In theory, OpenAI could come up with a much easier to use architecture than Node/JS’s, but my own recent experience is that’s easier said than done. On Epic Road Trip Planner, we use a back-end layer and our own API abstractions in an attempt to ‘simplify’ the interface for our front-end code (as well as to more importantly secure our API key), but it turns out that even with our own custom API abstraction, the resulting front-end JavaScript code is definitely still not as clean as we’d like and, indeed, looks quite 2000s-ish as well. (Don’t worry, I’m not throwing anyone else on the team here under the bus - I personally wrote it, so I get to complain about it as much as I want - hah!).
I’m struggling with how to submit the tool outputs, and when (on which listener). Could you elaborate a little? I don’t quite understand the particulars of your comment.
The submit tool outputs is done from “on_tool_call_done” event handler when required_action.type is “submit_tool_outputs”.
Python implementation for that I have is here: azureai-assistant-tool/sdk/azure-ai-assistant/azure/ai/assistant/management/assistant_client.py at main · Azure-Samples/azureai-assistant-tool · GitHub
Now I am struggling how to implement function calling in streaming assistant run in my NestJS project.
As you know, The example code is like this.
const run = openai.beta.threads.runs.createAndStream(thread.id, {
assistant_id: assistant.id
})
.on('textCreated', (text) => process.stdout.write('\nassistant > '))
.on('textDelta', (textDelta, snapshot) => process.stdout.write(textDelta.value))
.on('toolCallCreated', (toolCall) => process.stdout.write(`\nassistant > ${toolCall.type}\n\n`))
.on('toolCallDelta', (toolCallDelta, snapshot) => {
if (toolCallDelta.type === 'code_interpreter') {
if (toolCallDelta.code_interpreter.input) {
process.stdout.write(toolCallDelta.code_interpreter.input);
}
if (toolCallDelta.code_interpreter.outputs) {
process.stdout.write("\noutput >\n");
toolCallDelta.code_interpreter.outputs.forEach(output => {
if (output.type === "logs") {
process.stdout.write(`\n${output.logs}\n`);
}
});
}
}
});
I would like to know about event handler of nodejs SDK.
Is there anyone to know about that? especially function calling of streaming assistant?

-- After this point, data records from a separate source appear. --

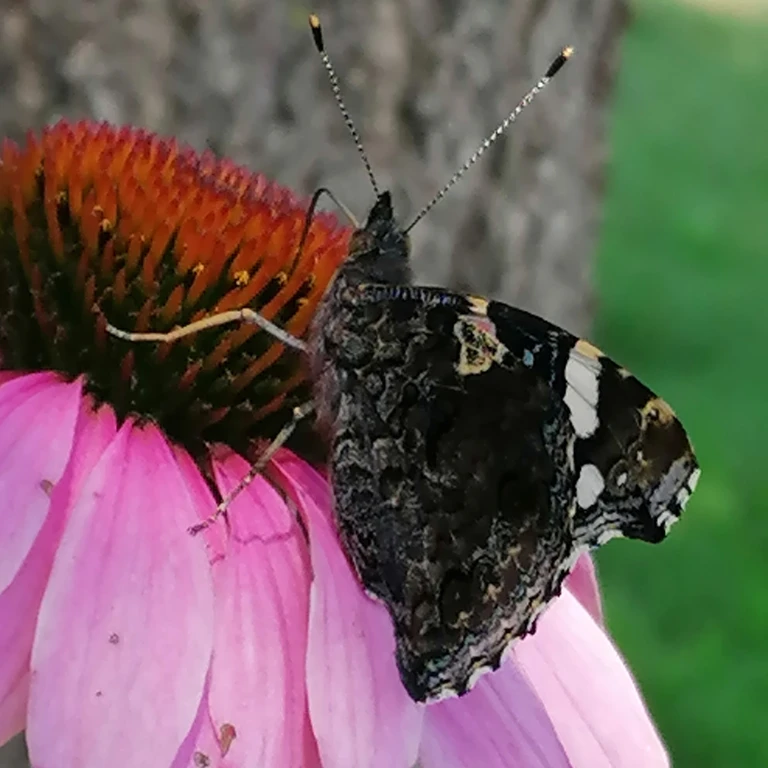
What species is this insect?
Vanessa atalanta
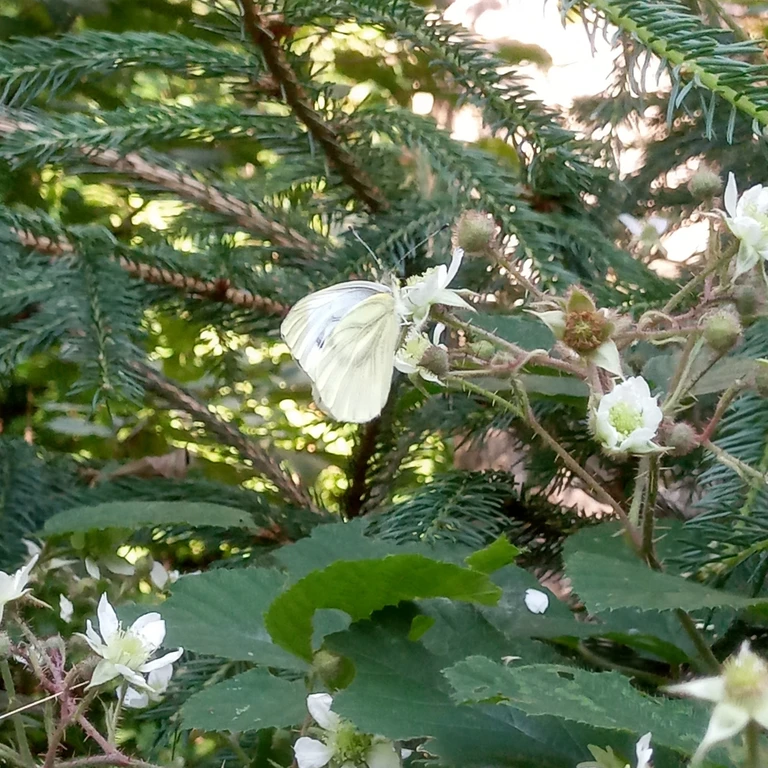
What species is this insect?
Pieris napi
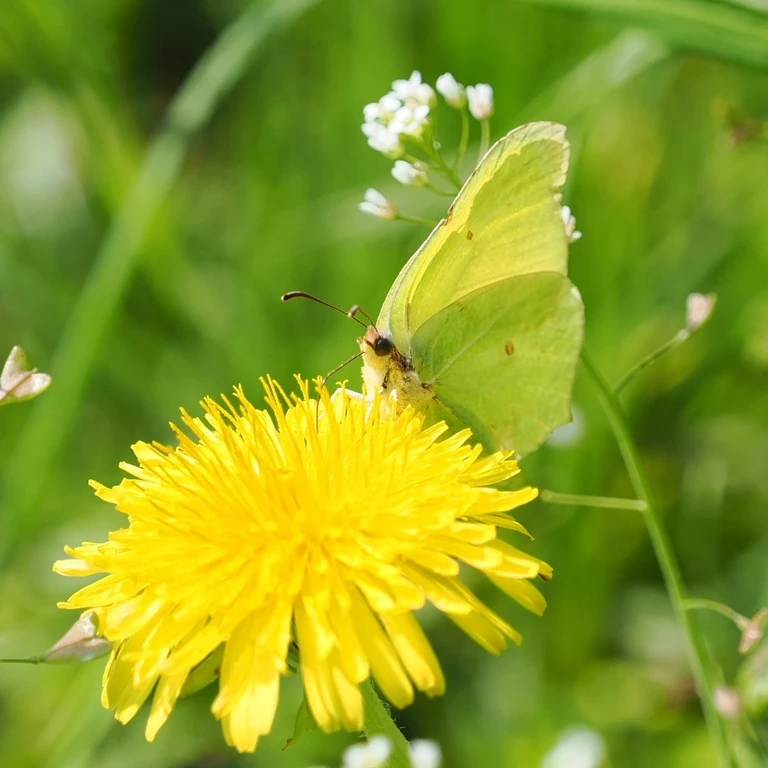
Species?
Gonepteryx rhamni
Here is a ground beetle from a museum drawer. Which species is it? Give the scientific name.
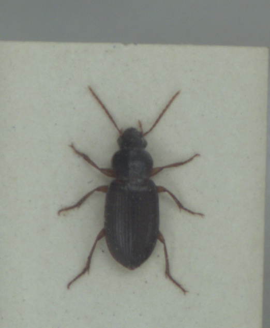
Ophonus rupicola
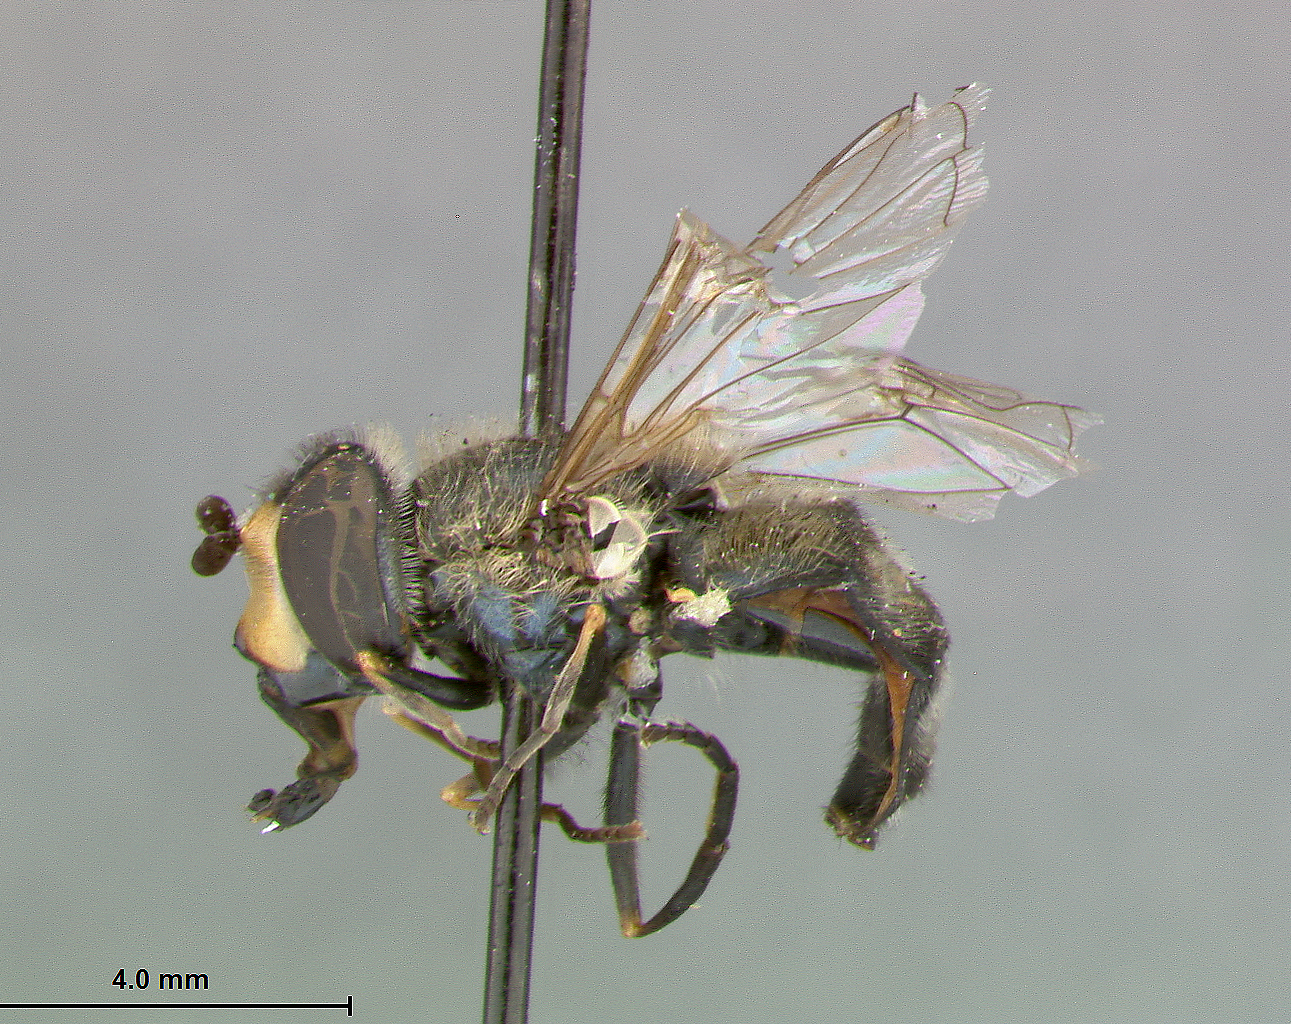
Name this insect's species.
Metasyrphus nigroventris
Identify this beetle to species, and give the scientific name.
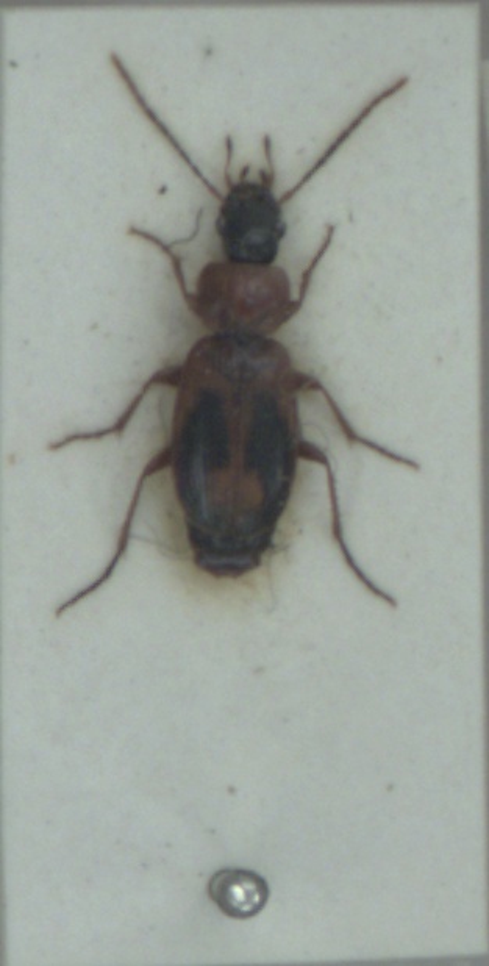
Badister bullatus
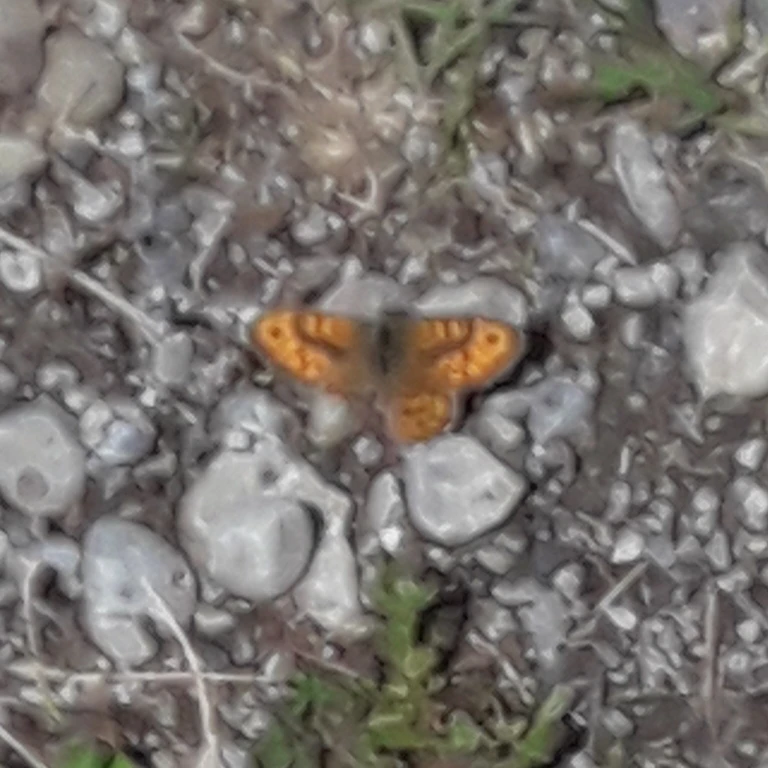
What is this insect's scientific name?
Lasiommata megera (also Pararge megera)
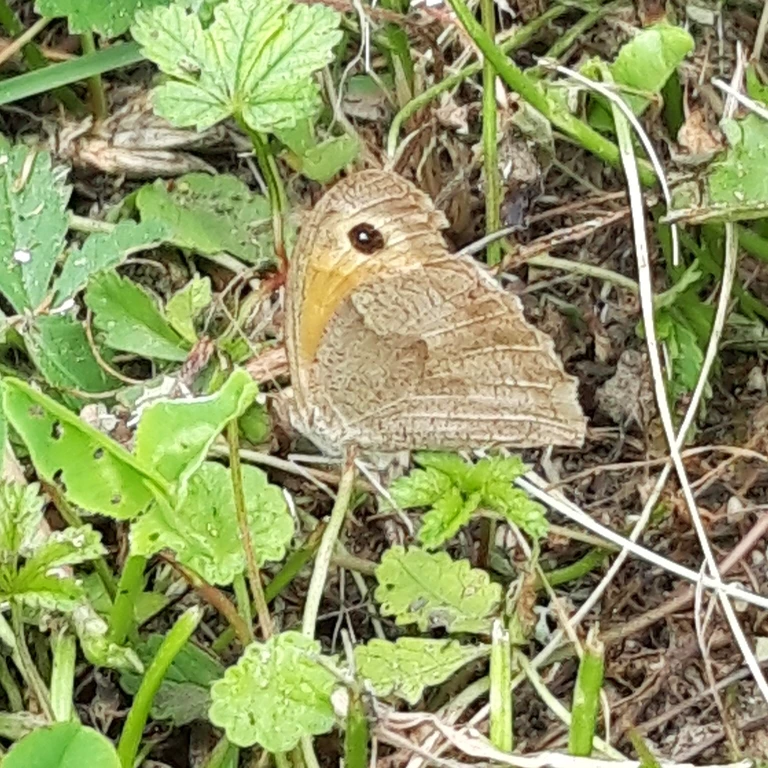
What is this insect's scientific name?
Maniola jurtina
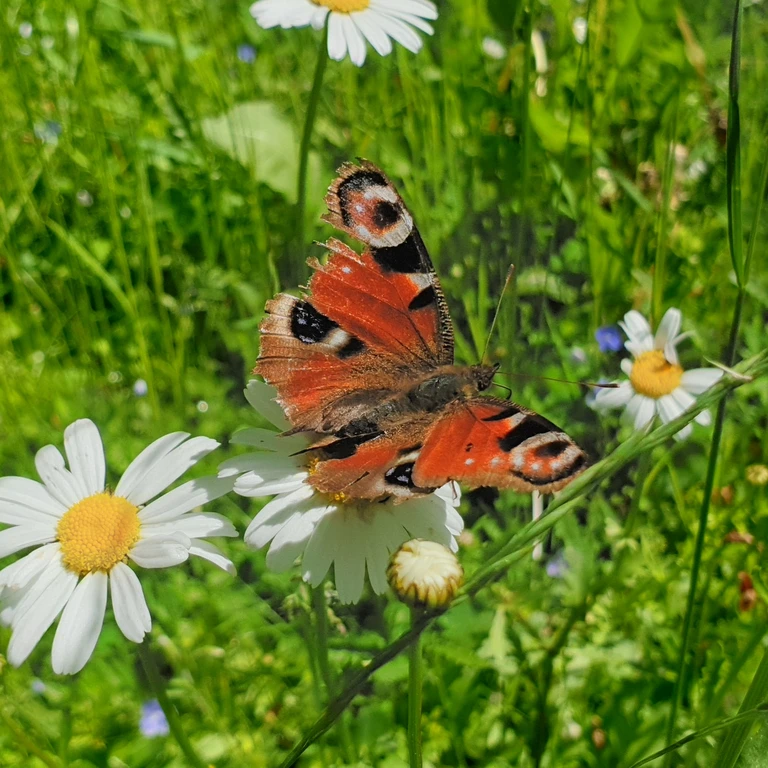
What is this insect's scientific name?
Aglais io
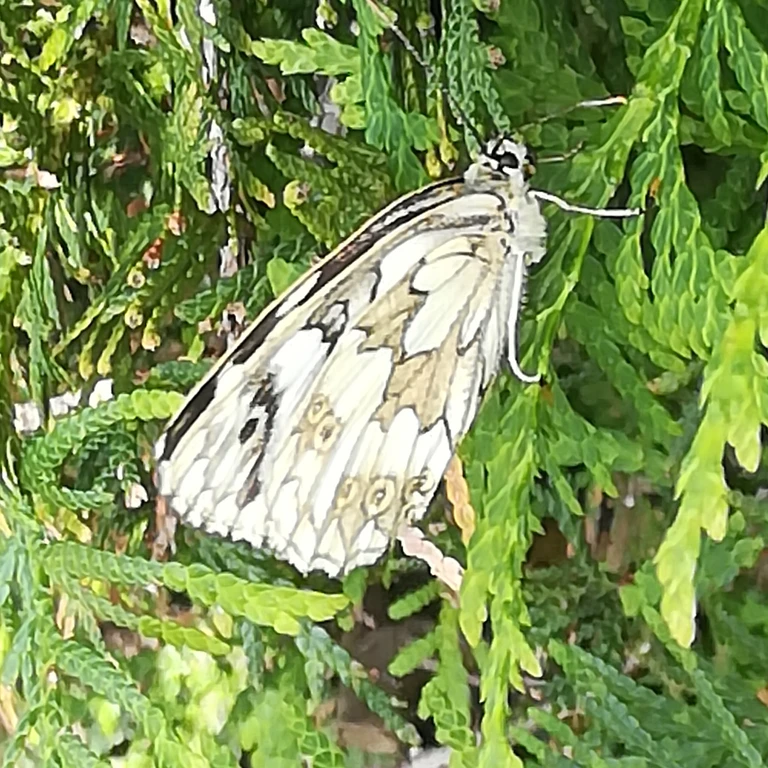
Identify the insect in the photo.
Melanargia galathea
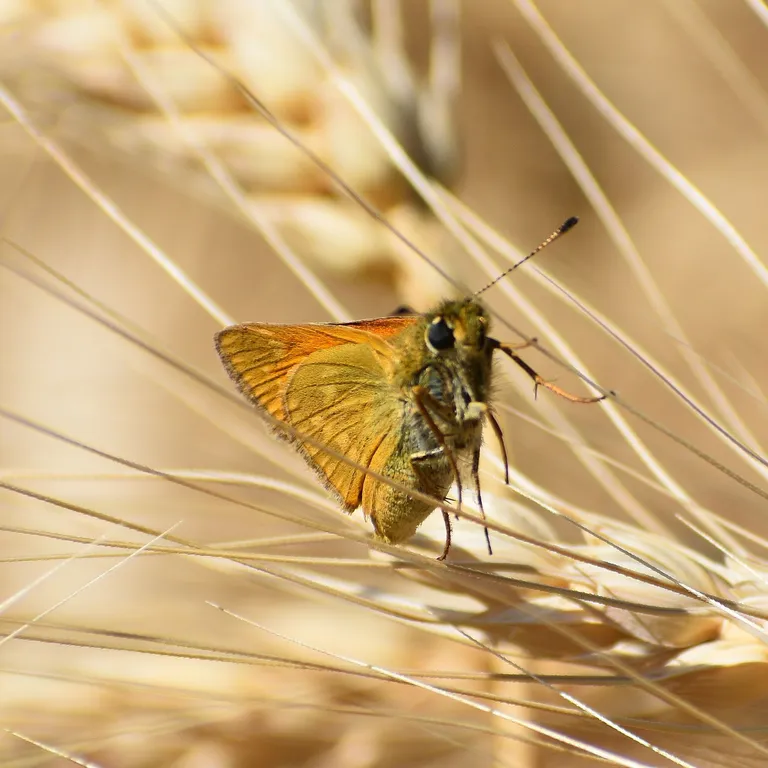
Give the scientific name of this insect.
Ochlodes sylvanus (also Ochlodes venata)
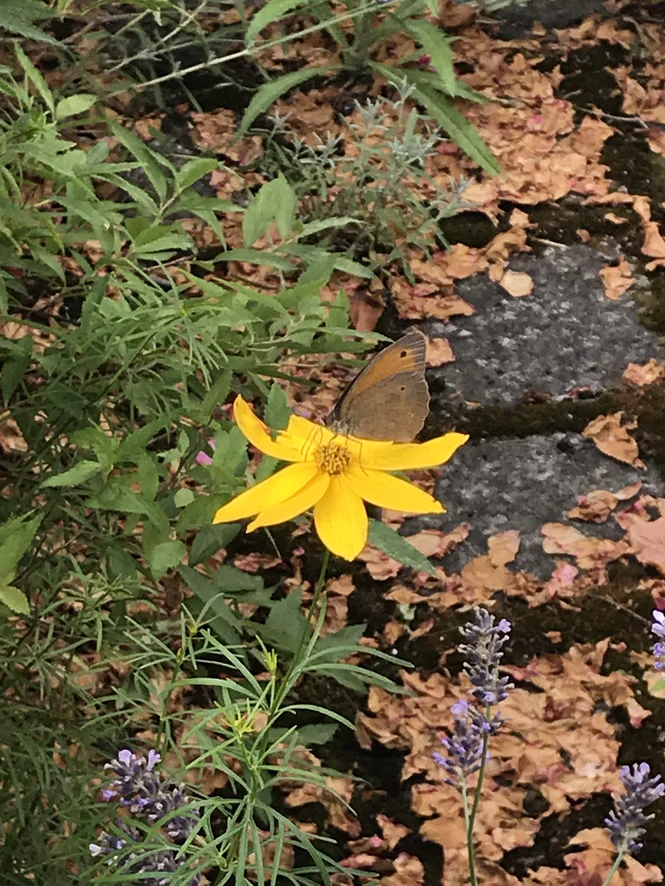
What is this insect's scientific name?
Maniola jurtina
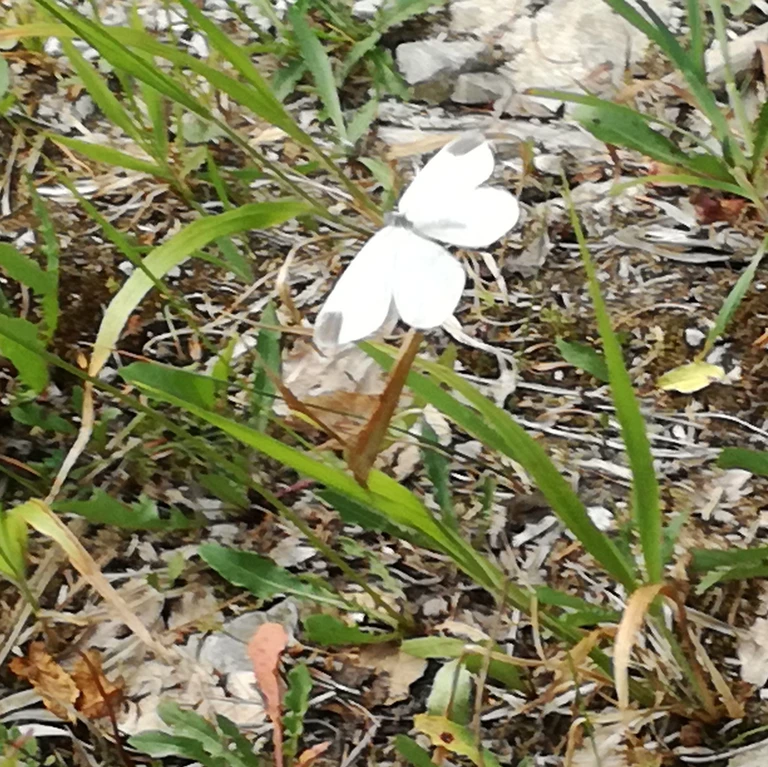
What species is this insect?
Leptidea sinapis/juvernica
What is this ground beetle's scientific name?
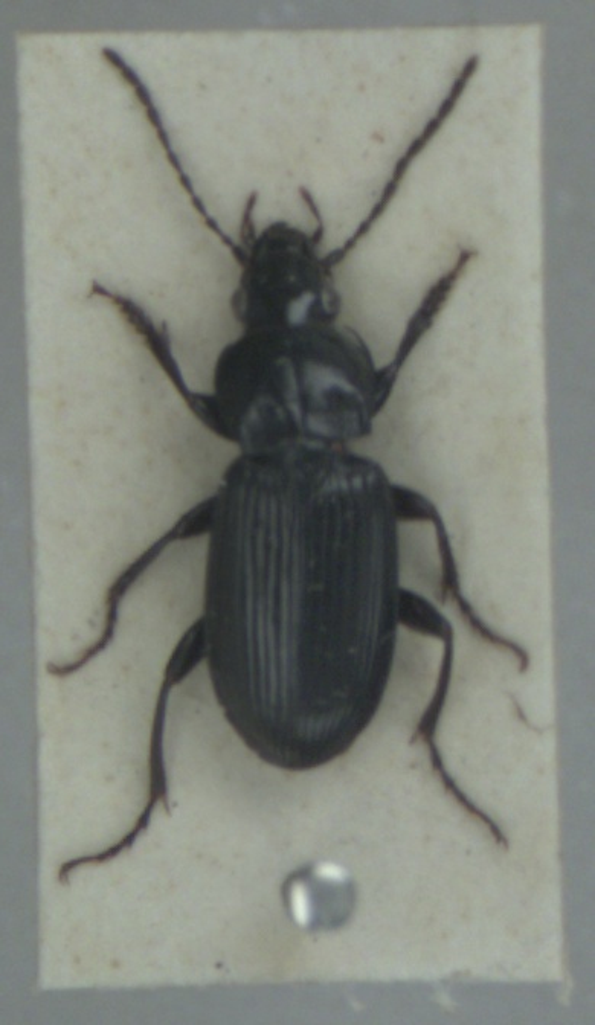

I’m in the same boat (nodejs). I had non-streaming function calls working, and was able to get streaming working for regular text responses, but now I’m stuck on function calling. I’m accumulating the argument chunks, and adding them to the object returned on the listener toolCallDone which looks like below. I assume it’s producing the object so we can use it.
{
index: 0,
id: 'call_I5q5dyCFtmkakKXkJACD8cBX',
type: 'function',
function: {
name: 'my_function',
arguments: '{ my_accumulated_args }',
output: null
}
}
Then I’m trying to run the function calls which should work, but I am a bit confused on how to run .submitToolOutputs, since before openai.beta.threads.runs.retrieve(threadId, runId)
returned the threadId and runId used, but openai.beta.threads.runs.createAndStream
does not seem to. I’m also unsure of how to capture requires_action
like before. This change in logic is mainly what’s tripping me up. I know I’m missing something here, but it’s hard to really tell from the sparse examples. I think one complete example laying out the logic would be helpful.
I am pretty much experiencing the same confusion. But, requires_action I think should be the event where you trigger the functions, since that is what it is for non-streaming. Currently I just can’t figure out how to capture requires_action…how were you able to? Like you said, the names for nodejs are not align.